Businesses across the country are bracing themselves as (some) staff arrive at work on ‘National Sickie Day'.
The first Monday in February has traditionally seen the highest number of UK employees absent from work through sickness, says St John Ambulance.
And the 2017 figure is expected to be higher than previous years, thanks to National Sickie Day falling on the first weekend after ‘Dry January’, and following the first post-Christmas payday, Super Bowl Sunday, and the start of the Six Nations, according to a spokesman for the charity.
The Employment Law Experts (ELAS) predicts that approximately 350,000 people will call in sick, costing the UK economy around £45million in wages, lost hours, and overtime.
For those struck down with illness on National Sickie Day St John Ambulance is giving advice for the ailments people may be suffering from:
1) Headaches – Sit or lie down somewhere quiet, and hold something cold against your head. This could be a bag of peas, or ice wrapped in a cloth, or a cold compress if you have one (apply for no more than ten minutes). You can also take the recommended dose of painkillers, such as paracetamol (for adults only).
2) Hangover – Enjoyed your post-Dry January weekend a little too much? Dehydration is one of the main causes of hangover symptoms. Make sure you drink lots of water and/or an oral rehydration solution to stay hydrated.
3) Vomiting and diarrhoea – Vomiting and diarrhoea are usually caused by irritation of the digestive system and can occur together or separately. Both can be triggered by parasites, viruses or bacteria and it causes the body to lose essential salts and fluids risking dehydration. When you’ve stopped vomiting, sip a glass of water or unsweetened fruit juice. Take frequent small sips to help replace the fluid you have lost. When you are feeling hungry again, eat foods that are easily digested, such as bread, pasta or potatoes for the first 24 hours.
4) Food poisoning – You may feel the effects of food poisoning within a few hours, and will often be sick or have diarrhoea. However, in some cases it can take up to three days to get over food poisoning.
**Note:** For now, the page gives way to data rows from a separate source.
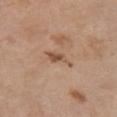workup = no biopsy performed (imaged during a skin exam); patient = female, aged approximately 55; site = the chest; imaging modality = total-body-photography crop, ~15 mm field of view; lighting = white-light illumination.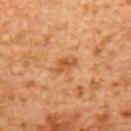Findings:
* follow-up — total-body-photography surveillance lesion; no biopsy
* imaging modality — ~15 mm tile from a whole-body skin photo
* lighting — cross-polarized
* site — the back
* subject — female, roughly 55 years of age
* lesion diameter — about 3 mm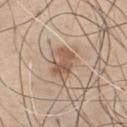{
  "image": {
    "source": "total-body photography crop",
    "field_of_view_mm": 15
  },
  "patient": {
    "sex": "male",
    "age_approx": 45
  },
  "lighting": "white-light",
  "site": "chest",
  "automated_metrics": {
    "border_irregularity_0_10": 2.0,
    "color_variation_0_10": 5.5,
    "peripheral_color_asymmetry": 2.0,
    "nevus_likeness_0_100": 90,
    "lesion_detection_confidence_0_100": 100
  },
  "lesion_size": {
    "long_diameter_mm_approx": 4.0
  }
}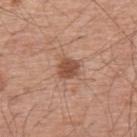Captured during whole-body skin photography for melanoma surveillance; the lesion was not biopsied. A close-up tile cropped from a whole-body skin photograph, about 15 mm across. Longest diameter approximately 2.5 mm. On the upper back. A male subject, aged 53 to 57.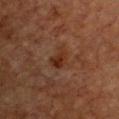| key | value |
|---|---|
| workup | imaged on a skin check; not biopsied |
| imaging modality | total-body-photography crop, ~15 mm field of view |
| subject | female, in their mid-50s |
| illumination | cross-polarized |
| size | ~3 mm (longest diameter) |
| body site | the chest |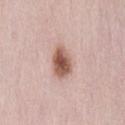workup: imaged on a skin check; not biopsied | image: ~15 mm tile from a whole-body skin photo | lesion diameter: ≈3.5 mm | location: the back | illumination: white-light | patient: female, aged around 65 | image-analysis metrics: a mean CIELAB color near L≈56 a*≈21 b*≈26, about 16 CIELAB-L* units darker than the surrounding skin, and a lesion-to-skin contrast of about 10.5 (normalized; higher = more distinct); a classifier nevus-likeness of about 100/100 and a lesion-detection confidence of about 100/100.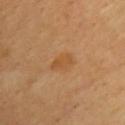Impression:
Part of a total-body skin-imaging series; this lesion was reviewed on a skin check and was not flagged for biopsy.
Image and clinical context:
A male subject aged 63 to 67. Automated tile analysis of the lesion measured an outline eccentricity of about 0.75 (0 = round, 1 = elongated) and a shape-asymmetry score of about 0.3 (0 = symmetric). It also reported about 6 CIELAB-L* units darker than the surrounding skin and a normalized border contrast of about 5.5. The analysis additionally found a border-irregularity rating of about 3/10, internal color variation of about 2 on a 0–10 scale, and a peripheral color-asymmetry measure near 0.5. The recorded lesion diameter is about 3 mm. This image is a 15 mm lesion crop taken from a total-body photograph. On the front of the torso.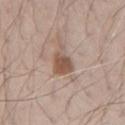Impression: The lesion was photographed on a routine skin check and not biopsied; there is no pathology result. Image and clinical context: The total-body-photography lesion software estimated a lesion area of about 7 mm², an outline eccentricity of about 0.85 (0 = round, 1 = elongated), and two-axis asymmetry of about 0.4. The software also gave a mean CIELAB color near L≈53 a*≈17 b*≈26, a lesion–skin lightness drop of about 11, and a lesion-to-skin contrast of about 8 (normalized; higher = more distinct). It also reported border irregularity of about 4.5 on a 0–10 scale and a peripheral color-asymmetry measure near 1. The analysis additionally found a classifier nevus-likeness of about 90/100. On the arm. A male patient roughly 70 years of age. Approximately 4.5 mm at its widest. This is a white-light tile. A 15 mm crop from a total-body photograph taken for skin-cancer surveillance.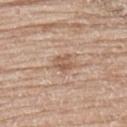Findings:
– notes — imaged on a skin check; not biopsied
– site — the upper back
– lesion size — ~2.5 mm (longest diameter)
– subject — female, in their mid- to late 80s or older
– automated lesion analysis — an area of roughly 4 mm² and a shape eccentricity near 0.6; a color-variation rating of about 3.5/10 and peripheral color asymmetry of about 1.5; a lesion-detection confidence of about 100/100
– imaging modality — ~15 mm crop, total-body skin-cancer survey
– tile lighting — white-light illumination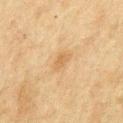| feature | finding |
|---|---|
| lesion diameter | ≈2.5 mm |
| acquisition | ~15 mm crop, total-body skin-cancer survey |
| patient | male, in their mid- to late 70s |
| anatomic site | the chest |
| automated lesion analysis | a shape eccentricity near 0.8 and a shape-asymmetry score of about 0.35 (0 = symmetric); border irregularity of about 3.5 on a 0–10 scale, internal color variation of about 1.5 on a 0–10 scale, and peripheral color asymmetry of about 0.5; an automated nevus-likeness rating near 10 out of 100 |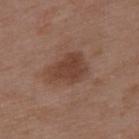Assessment:
No biopsy was performed on this lesion — it was imaged during a full skin examination and was not determined to be concerning.
Background:
Longest diameter approximately 4.5 mm. From the back. Captured under white-light illumination. A close-up tile cropped from a whole-body skin photograph, about 15 mm across. A male patient, approximately 50 years of age.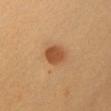biopsy status = no biopsy performed (imaged during a skin exam); location = the chest; imaging modality = total-body-photography crop, ~15 mm field of view; subject = female, roughly 35 years of age.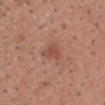This lesion was catalogued during total-body skin photography and was not selected for biopsy. On the chest. A male patient, roughly 55 years of age. Captured under white-light illumination. A 15 mm close-up tile from a total-body photography series done for melanoma screening.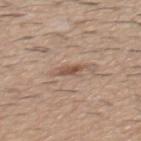Q: Is there a histopathology result?
A: imaged on a skin check; not biopsied
Q: Automated lesion metrics?
A: a footprint of about 2.5 mm², an eccentricity of roughly 0.85, and a symmetry-axis asymmetry near 0.3; a border-irregularity rating of about 3.5/10, internal color variation of about 0 on a 0–10 scale, and radial color variation of about 0; a lesion-detection confidence of about 100/100
Q: Patient demographics?
A: male, about 60 years old
Q: What is the lesion's diameter?
A: ≈2.5 mm
Q: Lesion location?
A: the mid back
Q: What lighting was used for the tile?
A: white-light
Q: What kind of image is this?
A: ~15 mm crop, total-body skin-cancer survey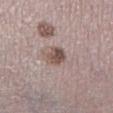A 15 mm close-up tile from a total-body photography series done for melanoma screening. From the left lower leg. The lesion's longest dimension is about 3 mm. The total-body-photography lesion software estimated a mean CIELAB color near L≈51 a*≈16 b*≈21, a lesion–skin lightness drop of about 12, and a lesion-to-skin contrast of about 8.5 (normalized; higher = more distinct). It also reported border irregularity of about 2 on a 0–10 scale, a color-variation rating of about 5.5/10, and radial color variation of about 2. It also reported a classifier nevus-likeness of about 60/100 and lesion-presence confidence of about 100/100. The patient is a male aged approximately 70.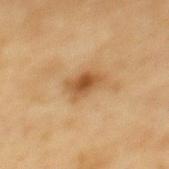follow-up=imaged on a skin check; not biopsied | patient=female, in their mid-50s | lighting=cross-polarized illumination | site=the mid back | acquisition=total-body-photography crop, ~15 mm field of view | lesion size=≈4 mm.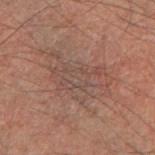  biopsy_status: not biopsied; imaged during a skin examination
  lesion_size:
    long_diameter_mm_approx: 8.0
  image:
    source: total-body photography crop
    field_of_view_mm: 15
  site: right forearm
  patient:
    sex: male
    age_approx: 60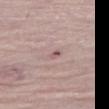A female patient, aged 63 to 67.
Imaged with white-light lighting.
A lesion tile, about 15 mm wide, cut from a 3D total-body photograph.
The total-body-photography lesion software estimated an area of roughly 3 mm², an outline eccentricity of about 0.85 (0 = round, 1 = elongated), and two-axis asymmetry of about 0.3. And it measured a lesion color around L≈59 a*≈17 b*≈19 in CIELAB and roughly 7 lightness units darker than nearby skin. And it measured a peripheral color-asymmetry measure near 1.5. The analysis additionally found an automated nevus-likeness rating near 0 out of 100 and a detector confidence of about 90 out of 100 that the crop contains a lesion.
Located on the left leg.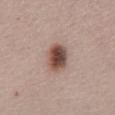- notes — imaged on a skin check; not biopsied
- TBP lesion metrics — a border-irregularity rating of about 1/10, a within-lesion color-variation index near 8.5/10, and radial color variation of about 2.5
- image source — ~15 mm tile from a whole-body skin photo
- subject — female, aged approximately 65
- body site — the abdomen
- tile lighting — white-light illumination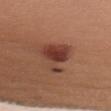{
  "biopsy_status": "not biopsied; imaged during a skin examination"
}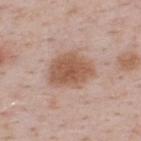Imaged during a routine full-body skin examination; the lesion was not biopsied and no histopathology is available.
Longest diameter approximately 5 mm.
A 15 mm close-up tile from a total-body photography series done for melanoma screening.
Imaged with white-light lighting.
Located on the upper back.
Automated image analysis of the tile measured a footprint of about 15 mm² and a shape eccentricity near 0.65. It also reported an average lesion color of about L≈55 a*≈20 b*≈29 (CIELAB), about 11 CIELAB-L* units darker than the surrounding skin, and a lesion-to-skin contrast of about 8.5 (normalized; higher = more distinct). And it measured a border-irregularity rating of about 2.5/10, a color-variation rating of about 2.5/10, and peripheral color asymmetry of about 0.5. The analysis additionally found an automated nevus-likeness rating near 90 out of 100 and lesion-presence confidence of about 100/100.
A male subject, aged 48–52.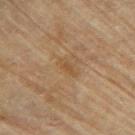The lesion was photographed on a routine skin check and not biopsied; there is no pathology result. Located on the upper back. A female subject about 80 years old. This image is a 15 mm lesion crop taken from a total-body photograph. The recorded lesion diameter is about 2.5 mm.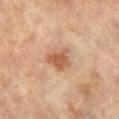follow-up: total-body-photography surveillance lesion; no biopsy
subject: female, roughly 65 years of age
automated metrics: an area of roughly 7 mm² and a shape-asymmetry score of about 0.3 (0 = symmetric); roughly 11 lightness units darker than nearby skin and a normalized border contrast of about 8; a border-irregularity rating of about 3/10 and a peripheral color-asymmetry measure near 0.5
lesion size: about 3.5 mm
anatomic site: the left leg
image source: ~15 mm tile from a whole-body skin photo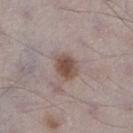No biopsy was performed on this lesion — it was imaged during a full skin examination and was not determined to be concerning. A close-up tile cropped from a whole-body skin photograph, about 15 mm across. The total-body-photography lesion software estimated an area of roughly 7 mm² and a shape eccentricity near 0.6. The software also gave an average lesion color of about L≈49 a*≈16 b*≈22 (CIELAB), about 11 CIELAB-L* units darker than the surrounding skin, and a normalized lesion–skin contrast near 9. Longest diameter approximately 3.5 mm. The patient is a male aged 68–72. Located on the right lower leg.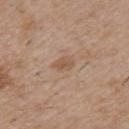Q: Was this lesion biopsied?
A: catalogued during a skin exam; not biopsied
Q: Where on the body is the lesion?
A: the chest
Q: Who is the patient?
A: male, aged 48 to 52
Q: What is the lesion's diameter?
A: ~2.5 mm (longest diameter)
Q: What is the imaging modality?
A: 15 mm crop, total-body photography
Q: What lighting was used for the tile?
A: white-light illumination
Q: What did automated image analysis measure?
A: a border-irregularity index near 2/10 and peripheral color asymmetry of about 1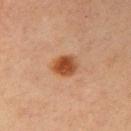Part of a total-body skin-imaging series; this lesion was reviewed on a skin check and was not flagged for biopsy. Approximately 3 mm at its widest. The subject is a female aged 63 to 67. The lesion is located on the right upper arm. This is a cross-polarized tile. Automated image analysis of the tile measured a footprint of about 6.5 mm², an eccentricity of roughly 0.5, and two-axis asymmetry of about 0.15. A 15 mm crop from a total-body photograph taken for skin-cancer surveillance.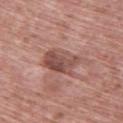This lesion was catalogued during total-body skin photography and was not selected for biopsy. The lesion is on the back. About 4.5 mm across. The patient is a male aged approximately 60. Automated image analysis of the tile measured a mean CIELAB color near L≈50 a*≈22 b*≈24, roughly 11 lightness units darker than nearby skin, and a lesion-to-skin contrast of about 8 (normalized; higher = more distinct). The software also gave an automated nevus-likeness rating near 0 out of 100 and a detector confidence of about 100 out of 100 that the crop contains a lesion. The tile uses white-light illumination. A close-up tile cropped from a whole-body skin photograph, about 15 mm across.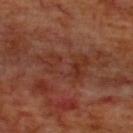Recorded during total-body skin imaging; not selected for excision or biopsy.
The lesion-visualizer software estimated a lesion color around L≈32 a*≈24 b*≈27 in CIELAB, a lesion–skin lightness drop of about 5, and a lesion-to-skin contrast of about 5.5 (normalized; higher = more distinct). The software also gave border irregularity of about 6 on a 0–10 scale, internal color variation of about 4.5 on a 0–10 scale, and a peripheral color-asymmetry measure near 1. And it measured a classifier nevus-likeness of about 0/100 and lesion-presence confidence of about 95/100.
A male patient, about 70 years old.
From the upper back.
A 15 mm close-up tile from a total-body photography series done for melanoma screening.
The tile uses cross-polarized illumination.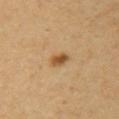image:
  source: total-body photography crop
  field_of_view_mm: 15
lesion_size:
  long_diameter_mm_approx: 2.5
site: right upper arm
patient:
  sex: female
  age_approx: 35
lighting: cross-polarized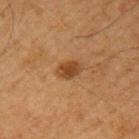Q: Is there a histopathology result?
A: total-body-photography surveillance lesion; no biopsy
Q: How was the tile lit?
A: cross-polarized illumination
Q: How was this image acquired?
A: ~15 mm crop, total-body skin-cancer survey
Q: How large is the lesion?
A: ≈3 mm
Q: Patient demographics?
A: male, aged approximately 65
Q: Where on the body is the lesion?
A: the left upper arm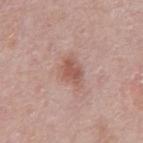No biopsy was performed on this lesion — it was imaged during a full skin examination and was not determined to be concerning. About 4 mm across. A 15 mm crop from a total-body photograph taken for skin-cancer surveillance. Located on the chest. An algorithmic analysis of the crop reported an area of roughly 9 mm² and an eccentricity of roughly 0.75. And it measured border irregularity of about 2.5 on a 0–10 scale. And it measured a classifier nevus-likeness of about 5/100 and lesion-presence confidence of about 100/100. Imaged with white-light lighting. A male subject, aged around 70.

If you think you might have food poisoning, these are the six key things to look for: feeling sick, vomiting, stomach cramps, diarrhoea, headache, or fever. The most important thing is to drink water so you don’t get dehydrated and/or an oral rehydration solution.
5) Flu – Flu is a common infectious viral illness spread by coughs and sneezes. It can be very unpleasant, but you’ll usually start to feel better within a week. You are advised to rest, keep warm and drink plenty of fluids. You may also take paracetamol or ibuprofen (as directed) to relieve aches.